Just over a year since it was abolished, there are multiple calls for the government to reinstate the position of Minister for Cyber Security in submissions on Australia’s 2020 Cyber Security Strategy.
The dedicated role for cyber security lasted less than a year itself, when Prime Minister Scott Morrison shuffled up his ministry after succeeding Malcolm Turnbull in the role in August last 2018, with then-junior minister for law enforcement and cyber security Angus Taylor instead re-assigned to Minister for Energy.
It's a move that several bodies have called to be reversed in their submissions on Australia's 2020 Cyber Security Strategy.
"The 2016 Strategy set an overarching framework which included the establishment and allocation of resources for a number of key government responsibilities," wrote the Australian Industry Group in its submission this month.
"These included the Minister Assisting the Prime Minister for Cyber Security, Special Adviser to the Prime Minister on Cyber Security, Ambassador for Cyber Affairs, AustCyber, and ASD.
"Unfortunately, a minister dedicated to cyber security with the responsibility to develop expertise on cyber security matters and advocate within the Australian government for industry no longer exists. We consider this role is critical.
"Therefore, this type of minister should be reinstated that can take a holistic view, have full responsibility for managing cyber security policy and can operate across relevant departments."
This position was echoed by Peter Coroneos, international vice president of the Cybersecurity and Cybercrime Advisors Network (CyAN).
"We believe consideration should be given to reestablishing a separate Cybersecurity portfolio within government," Coroneos published in his submission.
"This would send a strong signal to business and the public that the issues our members contend with on a daily basis are receiving the focus and attention they deserve."
Currently, the role is loosely filled by Minister of Home Affairs Peter Dutton, as well as Minister for Cyber Safety and Communication and the Arts Paul Fletcher.
The latter, however, is more focused on consumer safety and things like cyber bullying and inappropriate online content.
Microsoft's submission suggested that five critical functions be spread across three different agencies; the Australian Cyber Security Centre (ACSC), DHA and the Department of Foreign Affairs and Trade (DFAT).
These functions are as follows:
- Policy and planning function: lead the nation’s development, co-ordination, alignment, and integration of cyber security policies, strategies and plans.
- Outreach and partnership function: lead and manage relationships and interfaces across the government and with other nations, institutions and the private sector.
- Communications function: co-ordinate regulatory and non-regulatory communication, including messages, documents and publications, and statements, to all stakeholders on behalf of relevant government authorities; manage communication during a crisis or emergency; act as a point of contact for media, organisations and the general public seeking information about programs, policies, procedures, statistics, and services. A greater focus and investment in the communications function is worth considering as a part of the 2020 strategy.
- Operations function: ensure effective co-ordination and deployment of resources in response to cyber threats and incidents.
- Regulatory function: oversee compliance with cyber security regulations, including by developing guidance to help organisations understand the relevant requirements, interacting with regulators who will enforce compliance, establishing an incident reporting framework, and collaborating with other units to update regulatory obligations.

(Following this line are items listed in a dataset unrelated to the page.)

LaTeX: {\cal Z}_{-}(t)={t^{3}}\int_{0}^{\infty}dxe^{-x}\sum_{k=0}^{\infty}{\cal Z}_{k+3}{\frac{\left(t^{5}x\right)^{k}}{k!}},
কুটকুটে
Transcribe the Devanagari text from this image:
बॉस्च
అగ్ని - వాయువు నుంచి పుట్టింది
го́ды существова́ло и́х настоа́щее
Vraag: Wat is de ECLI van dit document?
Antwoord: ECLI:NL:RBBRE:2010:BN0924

"If the desire is to maintain the current structure, the government should consider whether the existing governance arrangements are ensuring that cyber functions performed by the Australian government are collaborative and co-ordinated," Microsoft added.

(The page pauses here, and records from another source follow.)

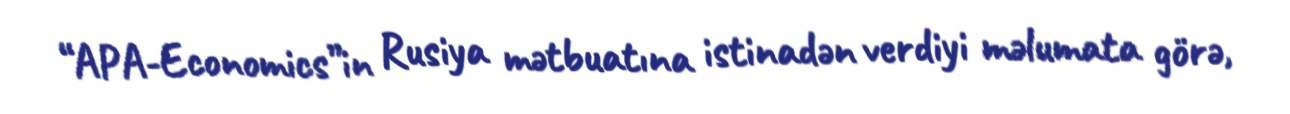
“APA-Economics”in Rusiya mətbuatına istinadən verdiyi məlumata görə,
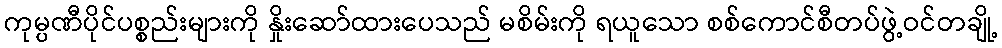
ကုမ္ပဏီပိုင်ပစ္စည်းများကို နှိုးဆော်ထားပေသည် မစိမ်းကို ရယူသော စစ်ကောင်စီတပ်ဖွဲ့ဝင်တချို့
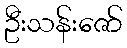
ဦးသန်းဇော်
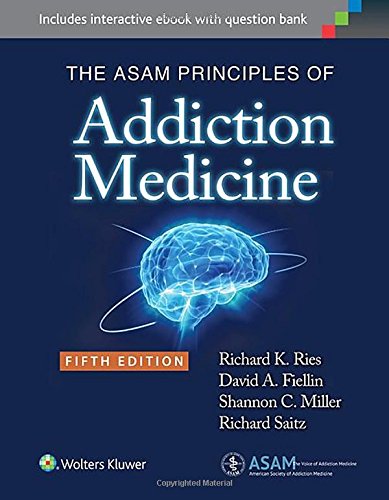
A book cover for The ASAM Principles of Addiction Medicine; Dr. Richard K. Ries MD  FAPA  FASAM; Health, Fitness & Dieting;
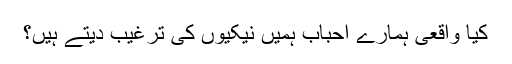
کیا واقعی ہمارے احباب ہمیں نیکیوں کی ترغیب دیتے ہیں؟
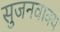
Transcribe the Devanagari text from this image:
सुजनवाक्य
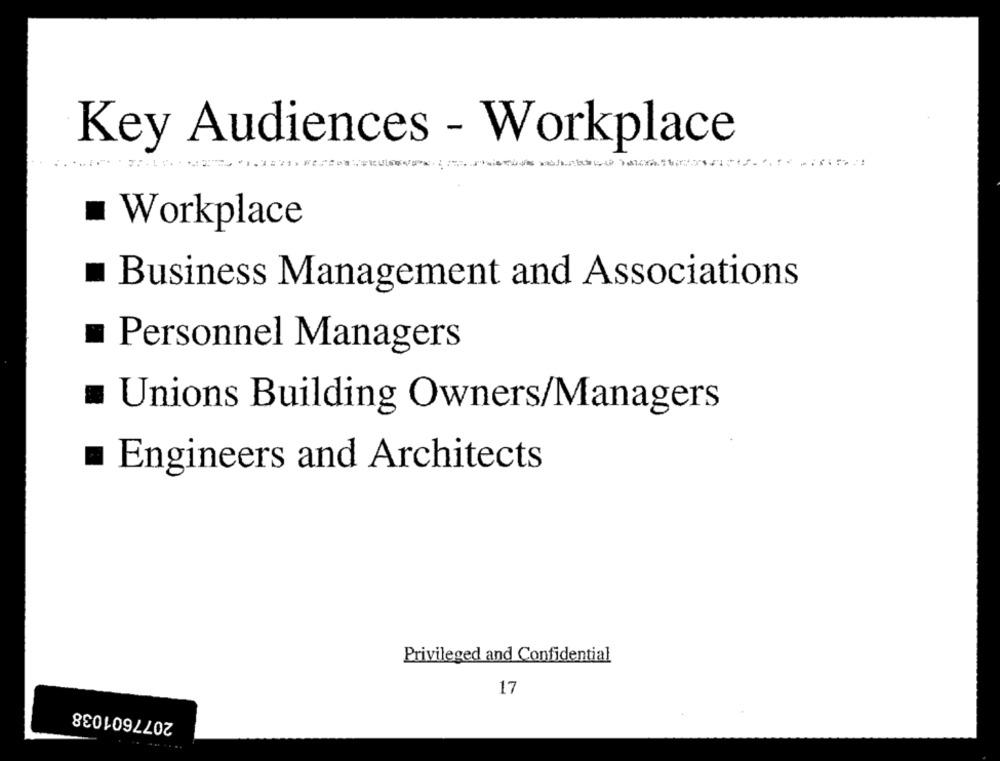
Key Audiences - Workplace
Workplace
Business Management and Associations
Personnel Managers
Unions Building Owners/Managers
Engineers and Architects
Privileged and Confidential
17
2077601038

"One possible improvement could be to have a single co-ordinating minister and/or a co-ordinating executive with oversight across all cyber functions within the existing machinery of government arrangements."
The 2020 Cyber Security Strategy
The successor to Australia's 2016 Cyber Security Strategy, the 2020 iteration aims to build on the government's $230 million investment three years ago "to position Australia to meet the rapidly evolving cyber threat environment".
The membership of the 2020 Cyber Security Strategy Industry Advisory Panel was announced yesterday, who will provide strategic advice on the development of the strategy.
The panel membership is as follows:
- Andrew Penn (chair), chief executive and managing director, Telstra;
- Robert Mansfield, AO, chair, Vocus Group;
- Robyn Denholm, board chair, Tesla;
- Chris Deeble, AO, CSC, chief executive, Northrop Grumman Australia; and
- Darren Kane, chief security officer, NBN Co.
"Since the release of the 2016 Cyber Security Strategy, the cyber threat landscape has shifted and evolved dramatically," the government said.
"The magnitude of the threats faced by Australian businesses and families has increased. They will become more acute as our society and economy become increasingly connected. As the threat evolves, so too must our response."